- Hangul: 두뇌유희 프로젝트, 퍼즐
- Hanja: 頭腦遊戲 프로젝트, 퍼즐
- RR: Dunoeyuhui peurojekteu, peojeul
- MR: Tunoeyuhŭi p'ŭrojekt'ŭ, p'ŏjŭl
- Directed by: Kim Tae-kyung
- Written by: Kim Tae-kyung Yun Yeo-su
- Produced by: Choi Nak-kwon
- Starring: Joo Jin-mo Moon Sung-keun Hong Seok-cheon
- Cinematography: Kim Tae-seong
- Edited by: Kyung Min-ho
- Music by: Woody Kim
- Production company: Noon Entertainment
- Distributed by: Cinema Service
- Release date: September 14, 2006;
- Running time: 91 minutes
- Country: South Korea
- Language: Korean
- Box office: US$1,385,630

= Puzzle (2006 film) =

Puzzle is a 2006 South Korean neo-noir crime film, the feature directorial debut of Kim Tae-kyung. A group of crooks are summoned together by an unknown master planner to carry out a bank robbery, but then it goes fatefully wrong.

==Plot==
The film opens with an image of a man being burned alive on the floor of a warehouse. A figure, shrouded in darkness, walks away from this burning body in the down pouring rain.

Suddenly, the film cuts to two men in the middle of a bank heist who, coolly and efficiently, partake stacks of bonds from a safety deposit box. The two men with two more accomplices, along with a hostage in their trunk, drive towards some unknown location away from the city, soon to be revealed as the very warehouse in which the man was previously seen being burned alive.

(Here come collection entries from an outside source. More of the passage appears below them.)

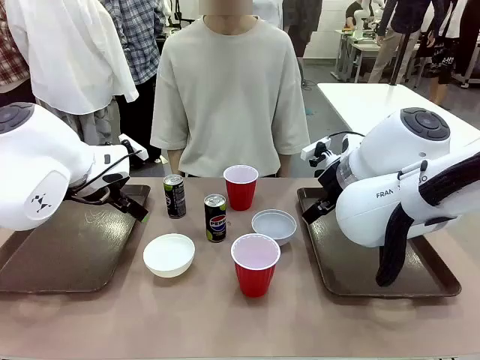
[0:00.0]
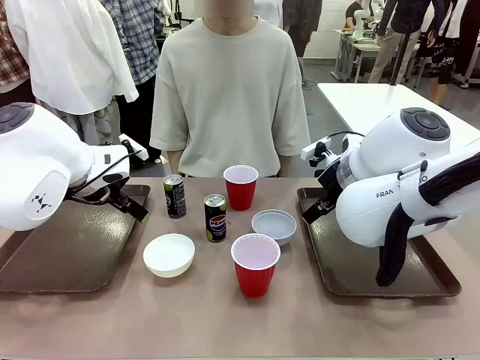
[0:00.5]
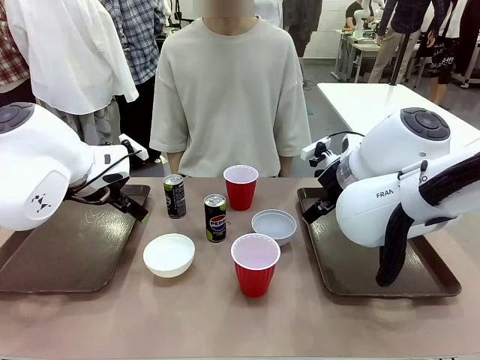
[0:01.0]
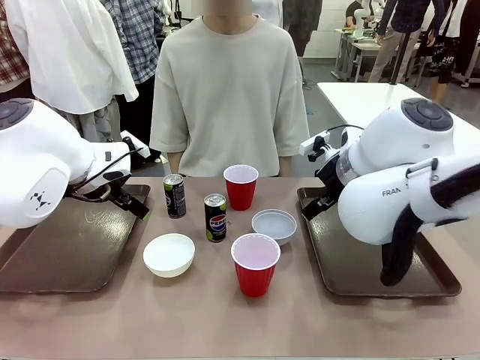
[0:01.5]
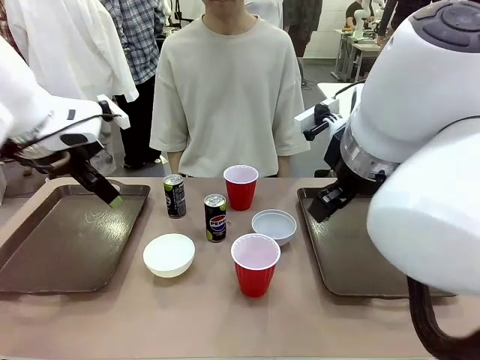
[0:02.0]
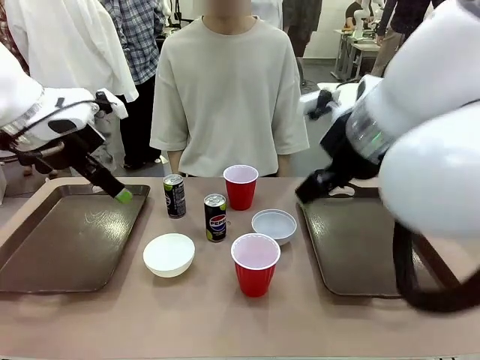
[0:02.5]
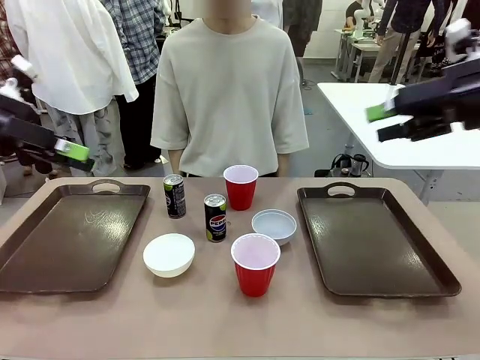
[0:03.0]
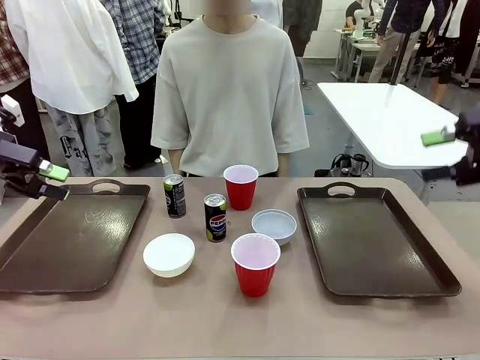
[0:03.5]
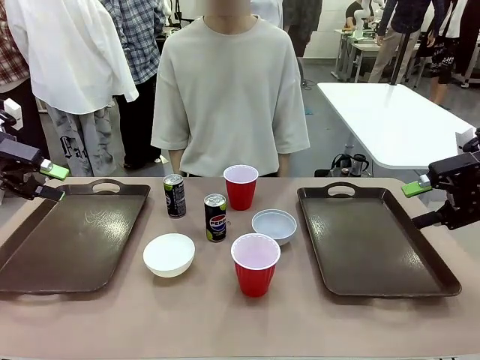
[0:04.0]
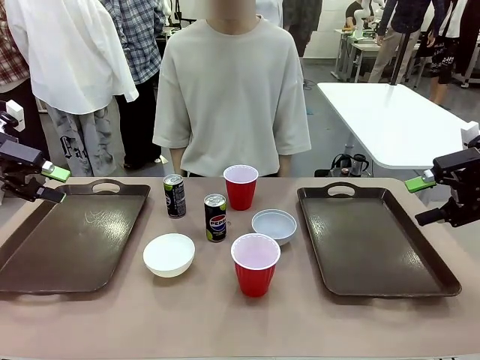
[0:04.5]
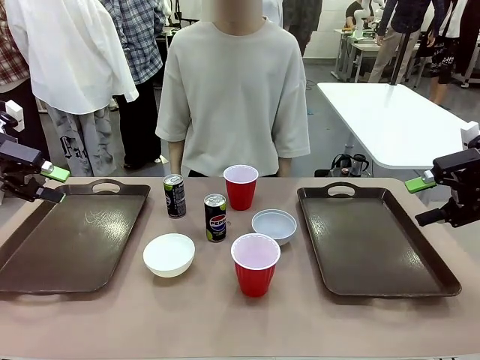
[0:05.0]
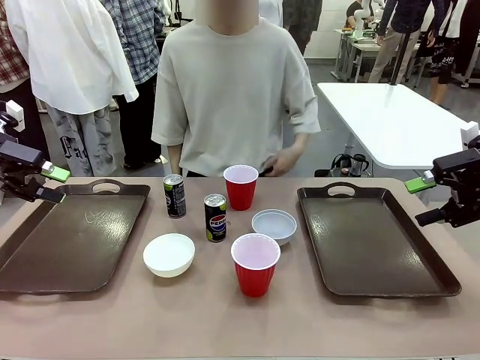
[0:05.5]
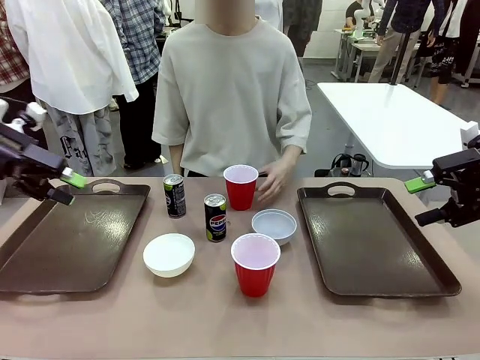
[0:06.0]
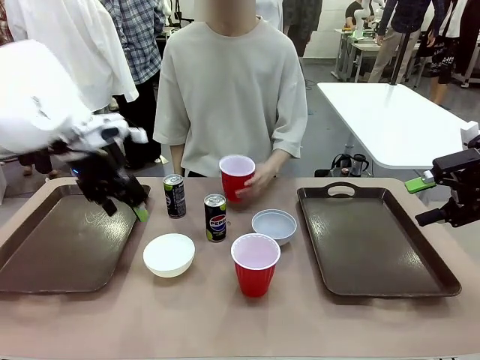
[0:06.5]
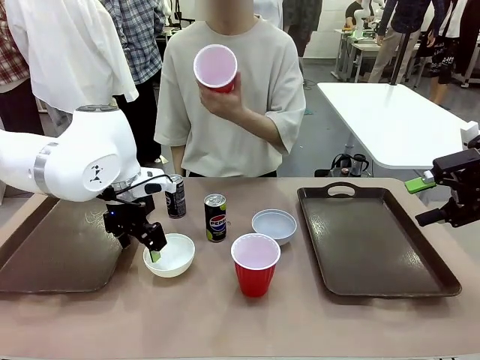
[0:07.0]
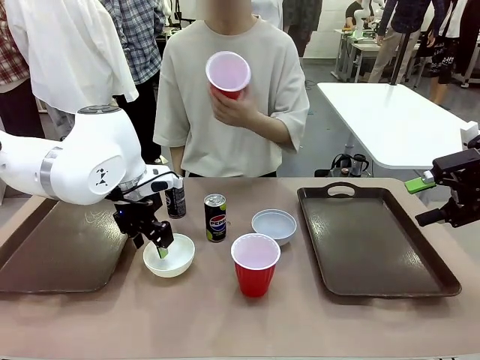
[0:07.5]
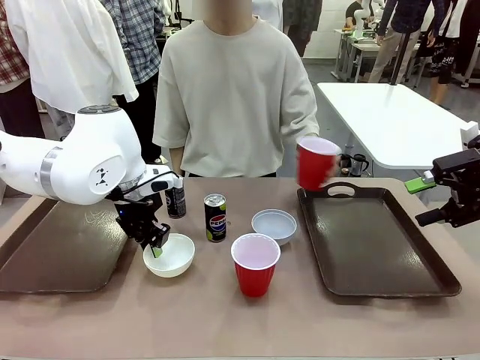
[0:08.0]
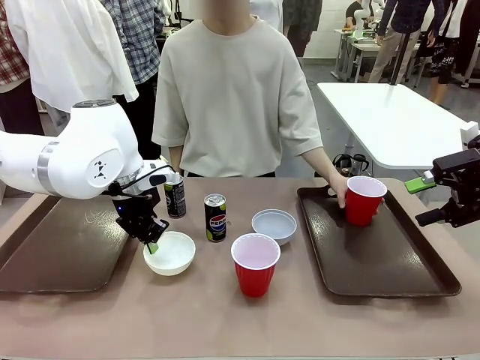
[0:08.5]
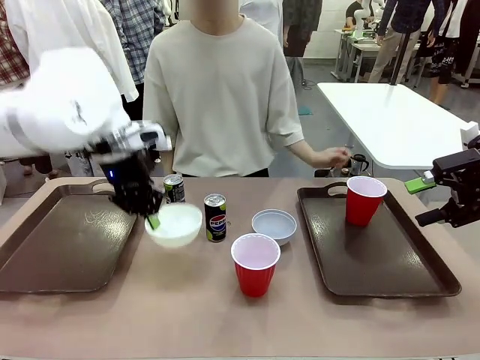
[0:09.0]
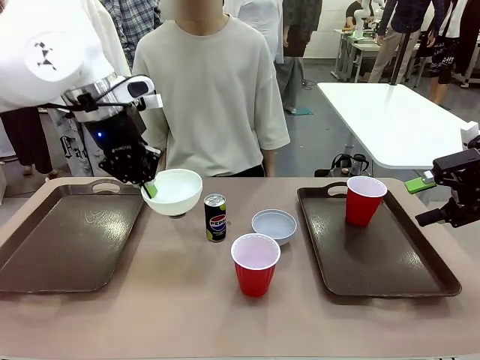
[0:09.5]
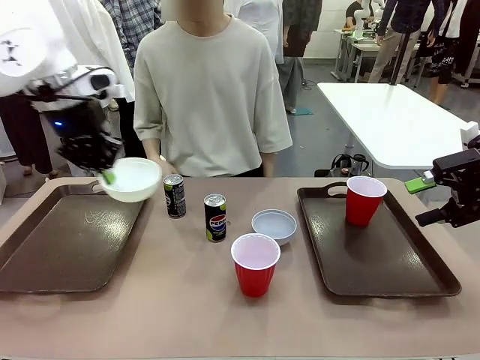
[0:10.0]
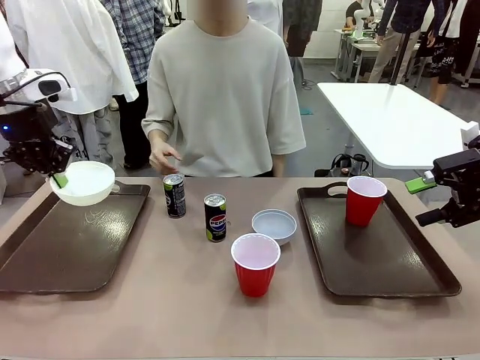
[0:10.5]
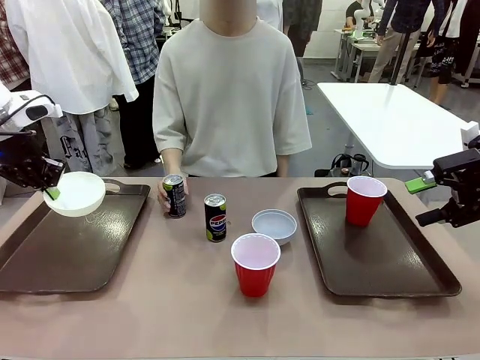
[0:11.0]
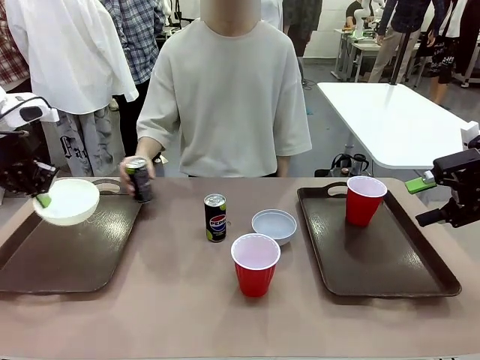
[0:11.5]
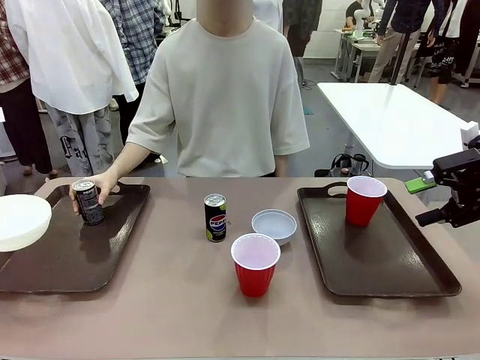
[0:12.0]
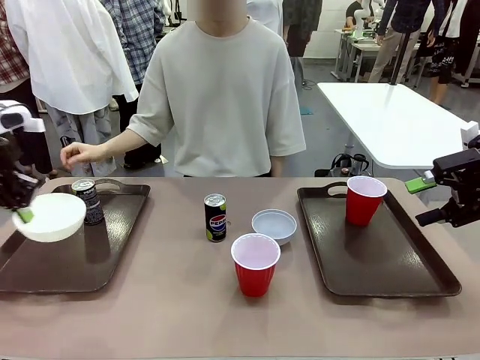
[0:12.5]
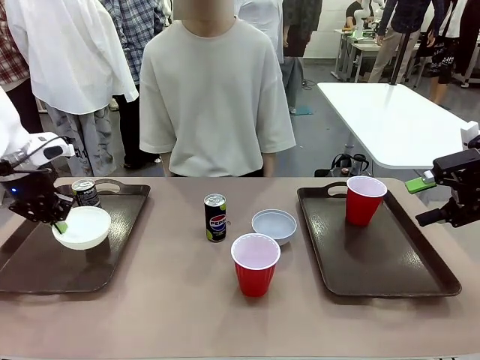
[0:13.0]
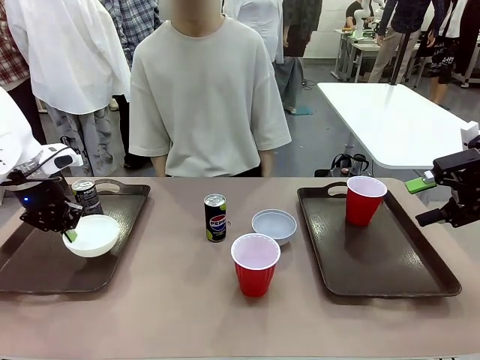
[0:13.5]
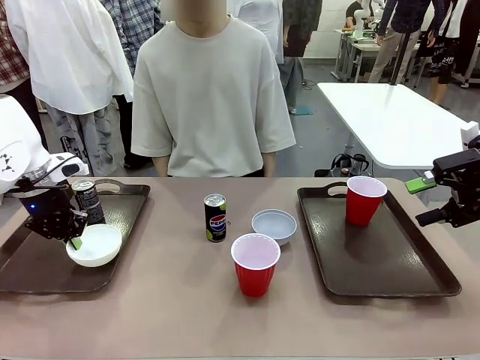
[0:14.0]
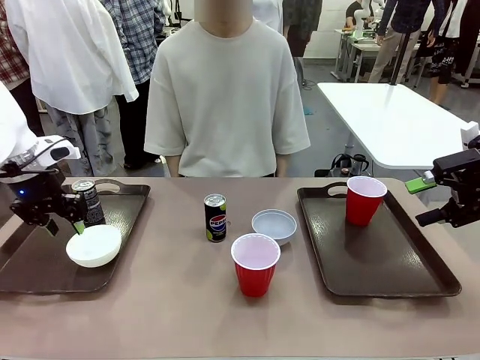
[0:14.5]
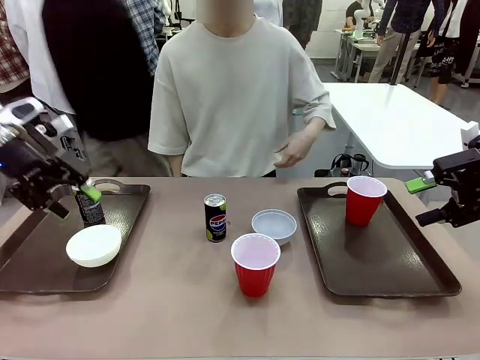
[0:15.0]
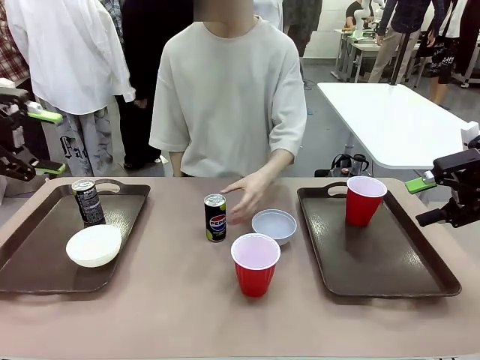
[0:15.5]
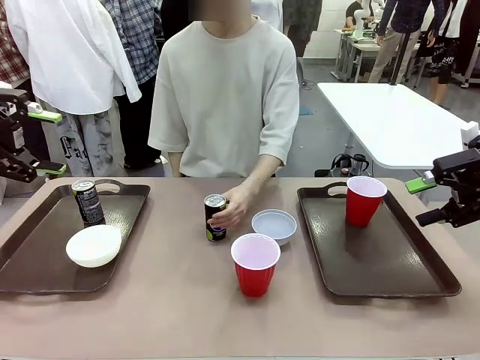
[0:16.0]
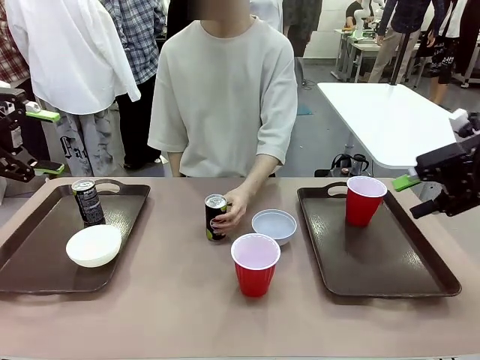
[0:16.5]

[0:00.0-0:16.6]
Task: Prepare tableware on both trays.
Robot: Pick up a Picnic Bowl from the table and place it on a Handle tray.
Person: Pick up a can or cup and place it on the tray.

Upon their arrival, one of the criminals, whose name is Ryu, enters the warehouse to discover, to his horror, that the man in which they were supposed to pass the bonds off to now is a charcoaled corpse lying in the middle of the floor. The other three criminals enter as well and are shocked as well at the sight.

Questions begin to arise: what is their next plan of action? Do they wait until the mysterious man who hired them arrives, whom none of the criminals have met? Do they simply split the bonds and make a run for it? But soon the questions give way to accusations as the criminals begin to turn on one another, suspecting that one of them may, in fact, be the very man who hired them, and who must have set ablaze the now smoldering corpse.

The rest of the film is told in a series of flashbacks that explain events that led up to the bank heist, which are intercut with scenes in the present as the criminals begin to probe one another for answers to this confusing puzzle...

==Cast==
- Joo Jin-mo - Ryu
- Moon Sung-keun - Hwan
- Hong Seok-cheon - Noh
- Kim Hyun-sung - Jung
- Park Jun-seok - Kyu
- Kim Dae-myung

==Production==
The film crew started and completed the shooting of the film without a single word written about it, with no mention on TV or elsewhere, keeping the plot under wraps and eschewing any kind of publicity. This unconventional approach to distribution wasn't a success as it failed to generate enough viewer interest to increase its box office intake.

CJ Entertainment sold its package of Four Horror Tales and Puzzle to Blitz Entertainment for rights in Indonesia and Malaysia.